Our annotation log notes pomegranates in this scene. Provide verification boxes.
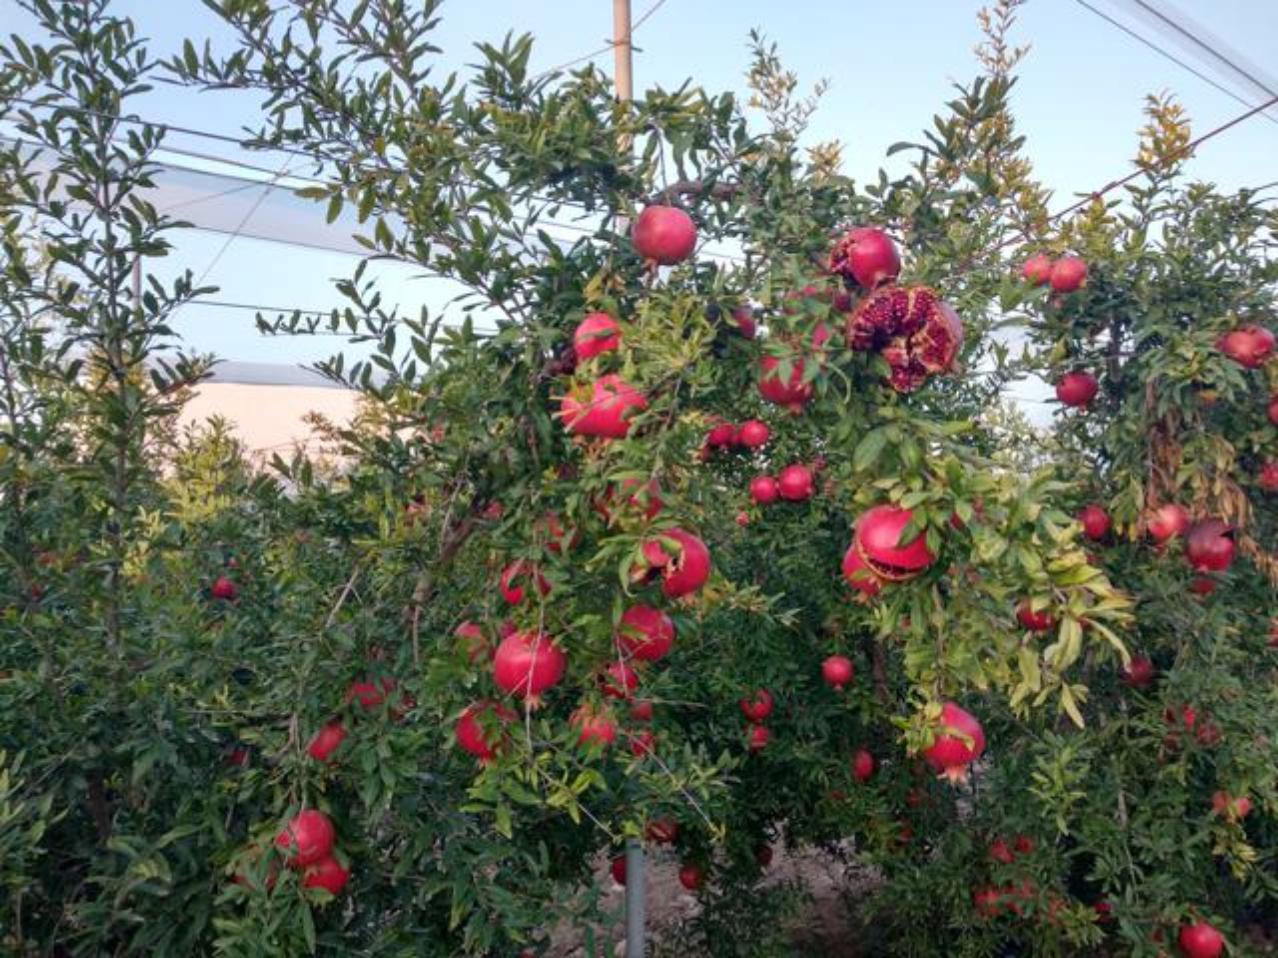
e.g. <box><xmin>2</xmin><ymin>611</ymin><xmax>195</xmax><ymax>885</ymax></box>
<box><xmin>545</xmin><ymin>511</ymin><xmax>579</xmax><ymax>553</ymax></box>
<box><xmin>1266</xmin><ymin>395</ymin><xmax>1278</xmax><ymax>425</ymax></box>
<box><xmin>986</xmin><ymin>836</ymin><xmax>1034</xmax><ymax>866</ymax></box>
<box><xmin>759</xmin><ymin>355</ymin><xmax>815</xmax><ymax>417</ymax></box>
<box><xmin>1186</xmin><ymin>519</ymin><xmax>1236</xmax><ymax>577</ymax></box>
<box><xmin>349</xmin><ymin>685</ymin><xmax>383</xmax><ymax>705</ymax></box>
<box><xmin>493</xmin><ymin>619</ymin><xmax>565</xmax><ymax>711</ymax></box>
<box><xmin>972</xmin><ymin>892</ymin><xmax>1000</xmax><ymax>916</ymax></box>
<box><xmin>1016</xmin><ymin>605</ymin><xmax>1056</xmax><ymax>631</ymax></box>
<box><xmin>274</xmin><ymin>808</ymin><xmax>335</xmax><ymax>878</ymax></box>
<box><xmin>849</xmin><ymin>281</ymin><xmax>964</xmax><ymax>395</ymax></box>
<box><xmin>855</xmin><ymin>748</ymin><xmax>877</xmax><ymax>782</ymax></box>
<box><xmin>1144</xmin><ymin>503</ymin><xmax>1190</xmax><ymax>543</ymax></box>
<box><xmin>737</xmin><ymin>417</ymin><xmax>771</xmax><ymax>451</ymax></box>
<box><xmin>733</xmin><ymin>305</ymin><xmax>755</xmax><ymax>339</ymax></box>
<box><xmin>605</xmin><ymin>663</ymin><xmax>637</xmax><ymax>701</ymax></box>
<box><xmin>629</xmin><ymin>204</ymin><xmax>697</xmax><ymax>275</ymax></box>
<box><xmin>1212</xmin><ymin>790</ymin><xmax>1252</xmax><ymax>818</ymax></box>
<box><xmin>645</xmin><ymin>820</ymin><xmax>679</xmax><ymax>842</ymax></box>
<box><xmin>747</xmin><ymin>475</ymin><xmax>783</xmax><ymax>507</ymax></box>
<box><xmin>821</xmin><ymin>655</ymin><xmax>853</xmax><ymax>691</ymax></box>
<box><xmin>751</xmin><ymin>724</ymin><xmax>769</xmax><ymax>750</ymax></box>
<box><xmin>1258</xmin><ymin>463</ymin><xmax>1278</xmax><ymax>495</ymax></box>
<box><xmin>613</xmin><ymin>854</ymin><xmax>627</xmax><ymax>888</ymax></box>
<box><xmin>212</xmin><ymin>577</ymin><xmax>234</xmax><ymax>599</ymax></box>
<box><xmin>306</xmin><ymin>722</ymin><xmax>347</xmax><ymax>760</ymax></box>
<box><xmin>825</xmin><ymin>228</ymin><xmax>901</xmax><ymax>289</ymax></box>
<box><xmin>1054</xmin><ymin>371</ymin><xmax>1098</xmax><ymax>411</ymax></box>
<box><xmin>925</xmin><ymin>703</ymin><xmax>986</xmax><ymax>790</ymax></box>
<box><xmin>1050</xmin><ymin>255</ymin><xmax>1088</xmax><ymax>293</ymax></box>
<box><xmin>741</xmin><ymin>691</ymin><xmax>773</xmax><ymax>724</ymax></box>
<box><xmin>559</xmin><ymin>375</ymin><xmax>649</xmax><ymax>437</ymax></box>
<box><xmin>621</xmin><ymin>479</ymin><xmax>665</xmax><ymax>521</ymax></box>
<box><xmin>573</xmin><ymin>313</ymin><xmax>621</xmax><ymax>359</ymax></box>
<box><xmin>1118</xmin><ymin>657</ymin><xmax>1152</xmax><ymax>685</ymax></box>
<box><xmin>306</xmin><ymin>852</ymin><xmax>349</xmax><ymax>894</ymax></box>
<box><xmin>1074</xmin><ymin>503</ymin><xmax>1110</xmax><ymax>541</ymax></box>
<box><xmin>631</xmin><ymin>703</ymin><xmax>653</xmax><ymax>722</ymax></box>
<box><xmin>1178</xmin><ymin>922</ymin><xmax>1224</xmax><ymax>958</ymax></box>
<box><xmin>571</xmin><ymin>703</ymin><xmax>615</xmax><ymax>746</ymax></box>
<box><xmin>679</xmin><ymin>864</ymin><xmax>699</xmax><ymax>890</ymax></box>
<box><xmin>853</xmin><ymin>503</ymin><xmax>935</xmax><ymax>593</ymax></box>
<box><xmin>455</xmin><ymin>619</ymin><xmax>517</xmax><ymax>663</ymax></box>
<box><xmin>841</xmin><ymin>541</ymin><xmax>879</xmax><ymax>611</ymax></box>
<box><xmin>619</xmin><ymin>601</ymin><xmax>675</xmax><ymax>661</ymax></box>
<box><xmin>1184</xmin><ymin>707</ymin><xmax>1198</xmax><ymax>734</ymax></box>
<box><xmin>455</xmin><ymin>701</ymin><xmax>521</xmax><ymax>768</ymax></box>
<box><xmin>1022</xmin><ymin>255</ymin><xmax>1054</xmax><ymax>285</ymax></box>
<box><xmin>631</xmin><ymin>732</ymin><xmax>653</xmax><ymax>758</ymax></box>
<box><xmin>1216</xmin><ymin>321</ymin><xmax>1278</xmax><ymax>369</ymax></box>
<box><xmin>773</xmin><ymin>463</ymin><xmax>815</xmax><ymax>503</ymax></box>
<box><xmin>709</xmin><ymin>421</ymin><xmax>741</xmax><ymax>453</ymax></box>
<box><xmin>501</xmin><ymin>563</ymin><xmax>551</xmax><ymax>605</ymax></box>
<box><xmin>641</xmin><ymin>529</ymin><xmax>711</xmax><ymax>599</ymax></box>

* * * * *

(Exercise details):
Each line of the material needs to be given again exactly, without any of its pictures.

(Output of the exercise):
Our annotation log notes pomegranates in this scene. Provide verification boxes.
e.g. <box><xmin>2</xmin><ymin>611</ymin><xmax>195</xmax><ymax>885</ymax></box>
<box><xmin>545</xmin><ymin>511</ymin><xmax>579</xmax><ymax>553</ymax></box>
<box><xmin>1266</xmin><ymin>395</ymin><xmax>1278</xmax><ymax>425</ymax></box>
<box><xmin>986</xmin><ymin>836</ymin><xmax>1034</xmax><ymax>866</ymax></box>
<box><xmin>759</xmin><ymin>355</ymin><xmax>815</xmax><ymax>417</ymax></box>
<box><xmin>1186</xmin><ymin>519</ymin><xmax>1236</xmax><ymax>577</ymax></box>
<box><xmin>349</xmin><ymin>685</ymin><xmax>383</xmax><ymax>705</ymax></box>
<box><xmin>493</xmin><ymin>619</ymin><xmax>565</xmax><ymax>711</ymax></box>
<box><xmin>972</xmin><ymin>892</ymin><xmax>1000</xmax><ymax>916</ymax></box>
<box><xmin>1016</xmin><ymin>605</ymin><xmax>1056</xmax><ymax>631</ymax></box>
<box><xmin>274</xmin><ymin>808</ymin><xmax>335</xmax><ymax>878</ymax></box>
<box><xmin>849</xmin><ymin>281</ymin><xmax>964</xmax><ymax>395</ymax></box>
<box><xmin>855</xmin><ymin>748</ymin><xmax>877</xmax><ymax>782</ymax></box>
<box><xmin>1144</xmin><ymin>503</ymin><xmax>1190</xmax><ymax>543</ymax></box>
<box><xmin>737</xmin><ymin>417</ymin><xmax>771</xmax><ymax>451</ymax></box>
<box><xmin>733</xmin><ymin>305</ymin><xmax>755</xmax><ymax>339</ymax></box>
<box><xmin>605</xmin><ymin>663</ymin><xmax>637</xmax><ymax>701</ymax></box>
<box><xmin>629</xmin><ymin>204</ymin><xmax>697</xmax><ymax>275</ymax></box>
<box><xmin>1212</xmin><ymin>790</ymin><xmax>1252</xmax><ymax>818</ymax></box>
<box><xmin>645</xmin><ymin>820</ymin><xmax>679</xmax><ymax>842</ymax></box>
<box><xmin>747</xmin><ymin>475</ymin><xmax>783</xmax><ymax>507</ymax></box>
<box><xmin>821</xmin><ymin>655</ymin><xmax>853</xmax><ymax>691</ymax></box>
<box><xmin>751</xmin><ymin>724</ymin><xmax>769</xmax><ymax>750</ymax></box>
<box><xmin>1258</xmin><ymin>463</ymin><xmax>1278</xmax><ymax>495</ymax></box>
<box><xmin>613</xmin><ymin>854</ymin><xmax>627</xmax><ymax>888</ymax></box>
<box><xmin>212</xmin><ymin>577</ymin><xmax>234</xmax><ymax>599</ymax></box>
<box><xmin>306</xmin><ymin>722</ymin><xmax>347</xmax><ymax>760</ymax></box>
<box><xmin>825</xmin><ymin>228</ymin><xmax>901</xmax><ymax>289</ymax></box>
<box><xmin>1054</xmin><ymin>371</ymin><xmax>1098</xmax><ymax>411</ymax></box>
<box><xmin>925</xmin><ymin>703</ymin><xmax>986</xmax><ymax>790</ymax></box>
<box><xmin>1050</xmin><ymin>255</ymin><xmax>1088</xmax><ymax>293</ymax></box>
<box><xmin>741</xmin><ymin>691</ymin><xmax>773</xmax><ymax>724</ymax></box>
<box><xmin>559</xmin><ymin>375</ymin><xmax>649</xmax><ymax>437</ymax></box>
<box><xmin>621</xmin><ymin>479</ymin><xmax>665</xmax><ymax>521</ymax></box>
<box><xmin>573</xmin><ymin>313</ymin><xmax>621</xmax><ymax>359</ymax></box>
<box><xmin>1118</xmin><ymin>657</ymin><xmax>1152</xmax><ymax>685</ymax></box>
<box><xmin>306</xmin><ymin>852</ymin><xmax>349</xmax><ymax>894</ymax></box>
<box><xmin>1074</xmin><ymin>503</ymin><xmax>1110</xmax><ymax>541</ymax></box>
<box><xmin>631</xmin><ymin>703</ymin><xmax>653</xmax><ymax>722</ymax></box>
<box><xmin>1178</xmin><ymin>922</ymin><xmax>1224</xmax><ymax>958</ymax></box>
<box><xmin>571</xmin><ymin>703</ymin><xmax>615</xmax><ymax>746</ymax></box>
<box><xmin>679</xmin><ymin>864</ymin><xmax>699</xmax><ymax>890</ymax></box>
<box><xmin>853</xmin><ymin>503</ymin><xmax>935</xmax><ymax>593</ymax></box>
<box><xmin>455</xmin><ymin>619</ymin><xmax>517</xmax><ymax>663</ymax></box>
<box><xmin>841</xmin><ymin>541</ymin><xmax>879</xmax><ymax>611</ymax></box>
<box><xmin>619</xmin><ymin>601</ymin><xmax>675</xmax><ymax>661</ymax></box>
<box><xmin>1184</xmin><ymin>707</ymin><xmax>1198</xmax><ymax>734</ymax></box>
<box><xmin>455</xmin><ymin>701</ymin><xmax>521</xmax><ymax>768</ymax></box>
<box><xmin>1022</xmin><ymin>255</ymin><xmax>1054</xmax><ymax>285</ymax></box>
<box><xmin>631</xmin><ymin>732</ymin><xmax>653</xmax><ymax>758</ymax></box>
<box><xmin>1216</xmin><ymin>321</ymin><xmax>1278</xmax><ymax>369</ymax></box>
<box><xmin>773</xmin><ymin>463</ymin><xmax>815</xmax><ymax>503</ymax></box>
<box><xmin>709</xmin><ymin>421</ymin><xmax>741</xmax><ymax>453</ymax></box>
<box><xmin>501</xmin><ymin>563</ymin><xmax>551</xmax><ymax>605</ymax></box>
<box><xmin>641</xmin><ymin>529</ymin><xmax>711</xmax><ymax>599</ymax></box>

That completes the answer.